Der Fotoreporter Jeff (James Stewart) hat sich bei einem Unfall das Bein gebrochen und ist nun mit Gips an den Rollstuhl und somit an seine Wohnung gefesselt. Seine einzige Beschäftigung sind die Besuche seiner Verlobten Lisa (Grace Kelly) und der Krankenschwester Stella. Da er sonst nichts zu tun hat, beginnt er seine Nachbarn in den gegenüberliegenden Wohnungen zu beobachten, die aufgrund einer Hitzewelle ihre Fenster einladend offen stehen haben. Dabei wird ihm vor allem Nachbar Thorwald suspekt. Dieser hat eine bettlägerige Frau, die eines Tages spurlos verschwindet. Als Jeff Thorwald auch noch beobachtet, wie er ein Messer und eine Säge verpackt, ist er überzeugt, Thorwald habe seine Frau umgebracht. Doch zunächst glaubt ihm niemand, weder Lisa, noch Stella, noch sein bester Freund, der Polizist Tom Doyle. Jeff beginnt selbst Nachforschungen anzustellen und Thorwald noch genauer zu beobachten. Dabei gerät auch seine Verlobte Lisa in Gefahr und ein dunkles Geheimnis kommt ans Licht...

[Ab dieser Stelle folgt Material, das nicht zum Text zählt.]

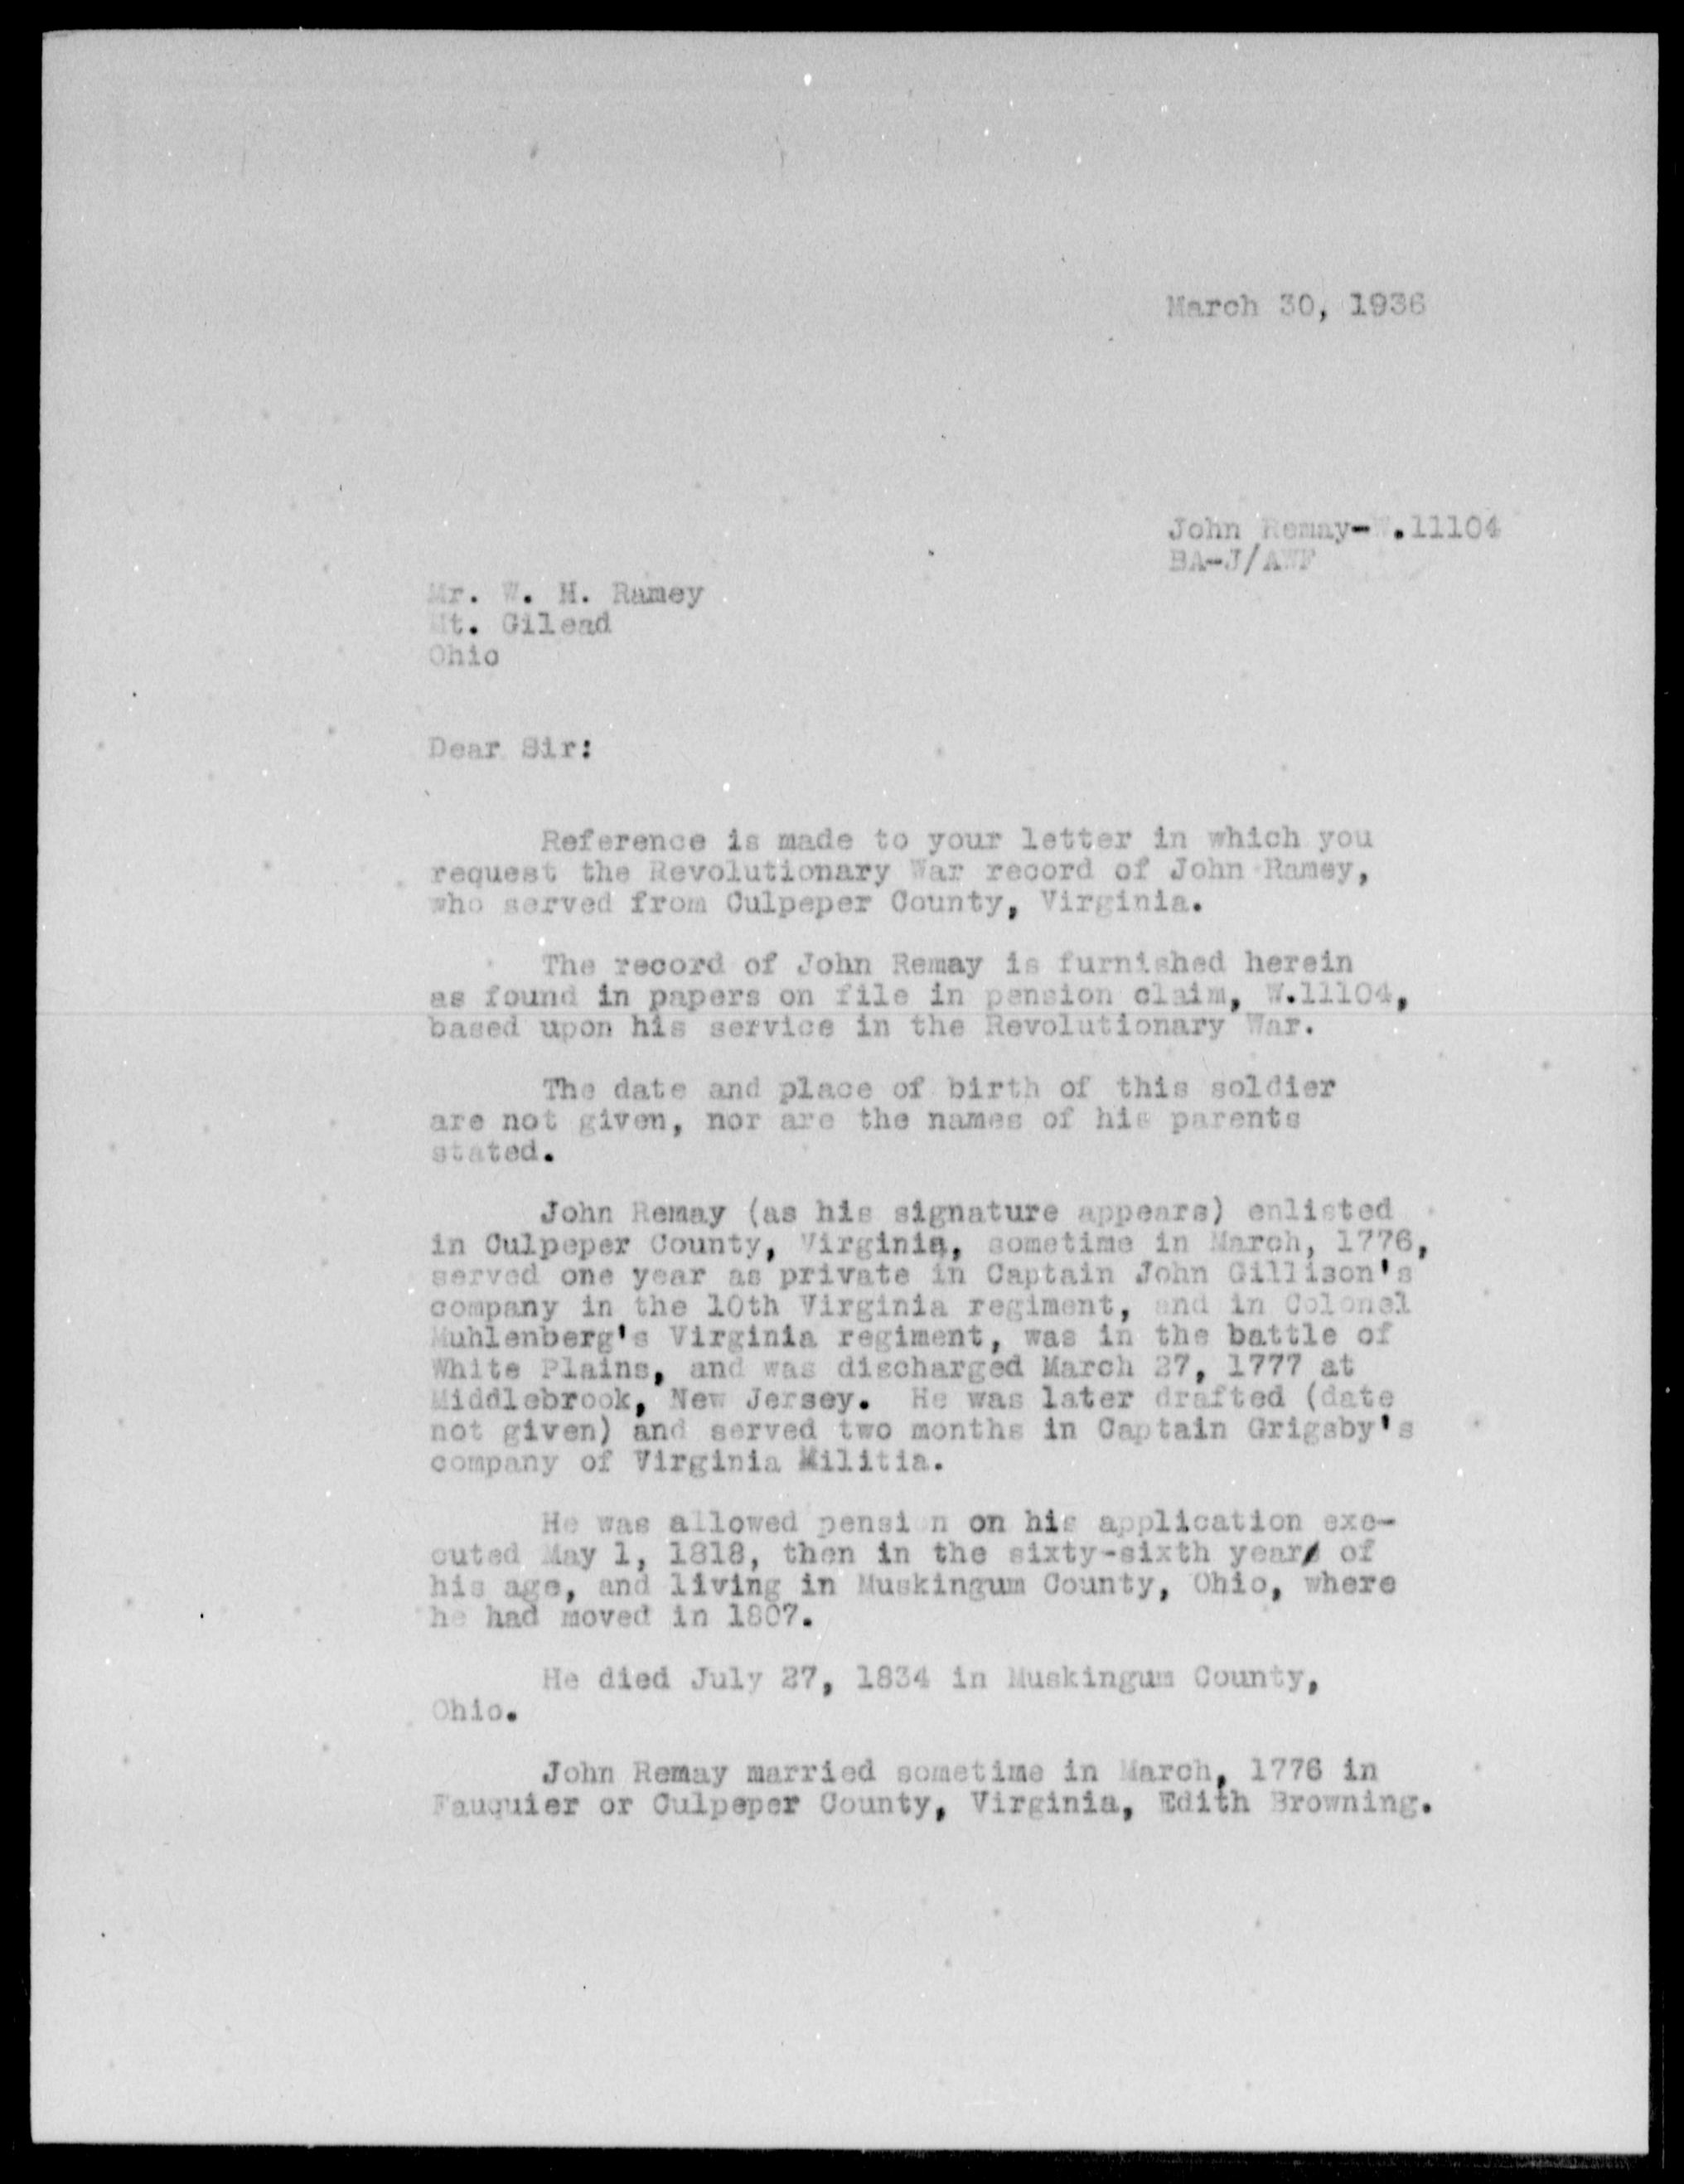March 30, 1936
John Remay-W.11104
BA-J/AWF
Mr. W. H. Ramey
Mt. Gilead
Ohio

Dear Sir:
Reference is made to your letter in which you request the Revolutionary War record of John Ramey, who served from Culpeper County, Virginia.
The record of John Remay is furnished herein as found in papers on file in pension claim, W. 11104, based upon his service in the Revolutionary War.
The date and place of birth of this soldier are not given, nor are the names of his parents stated.
John Remay (as his signature appears) enlisted in Culpeper County, Virginia, sometime in March, 1776, served one year as private in Captain John Gillison's company in the 10th Virginia regiment, was in the battle of White Plains, and was discharged March 27, 1777 at Middlebrook, New Jersey. He was later drafted (date not given) and served two months in Captain Grigsby's company of Virginia Militia.
He was allowed pension on his application executed May 1, 1818, then in the sixty-sixth year of his age, and living in Muskingum County, Ohio, where he had moved in 1807.
He died July 27, 1834 in Muskingum County, Ohio.
John Remay married sometime in March, 1776 in Fauquier or Culpeper County, Virginia, Edith Browning.

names: Edith Browning; John Ramey; John Remay; John Remay; John Remay; W H Ramey; John Remay
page: 14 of 84
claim: widow's
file: W.11104, for John Remay, Virginia

Hitchcocks zweite Zusammenarbeit mit Jimmy Stewart gilt als einer seiner besten Filme überhaupt. Durch die von Stewart gespielte Hauptfigur zieht Hitchcock den Zuschauer in den Film hinein und lässt ihn an dessen Voyerismus teilhaben. Hitchcock enttarnt seine Zuschauer dadurch als Voyeuristen und zeigt auf, dass das Kino selbst, das Schauen von Filmen, einen gewissen Voyeurismus in sich birgt. Hitchcock reflektiert dadurch nicht nur über das Phänomen Kino und Film an sich, sondern bietet darüber hinaus auch noch einen Klassiker des Suspense-Kinos, der den Zuschauer immer mehr hineinzieht und jede Menge Spannung bis zum finalen Aufeinandertreffen zwischen dem an den Rollstuhl gefesselten Jeff und dem finsteren Nachbarn Thorwald aufbaut.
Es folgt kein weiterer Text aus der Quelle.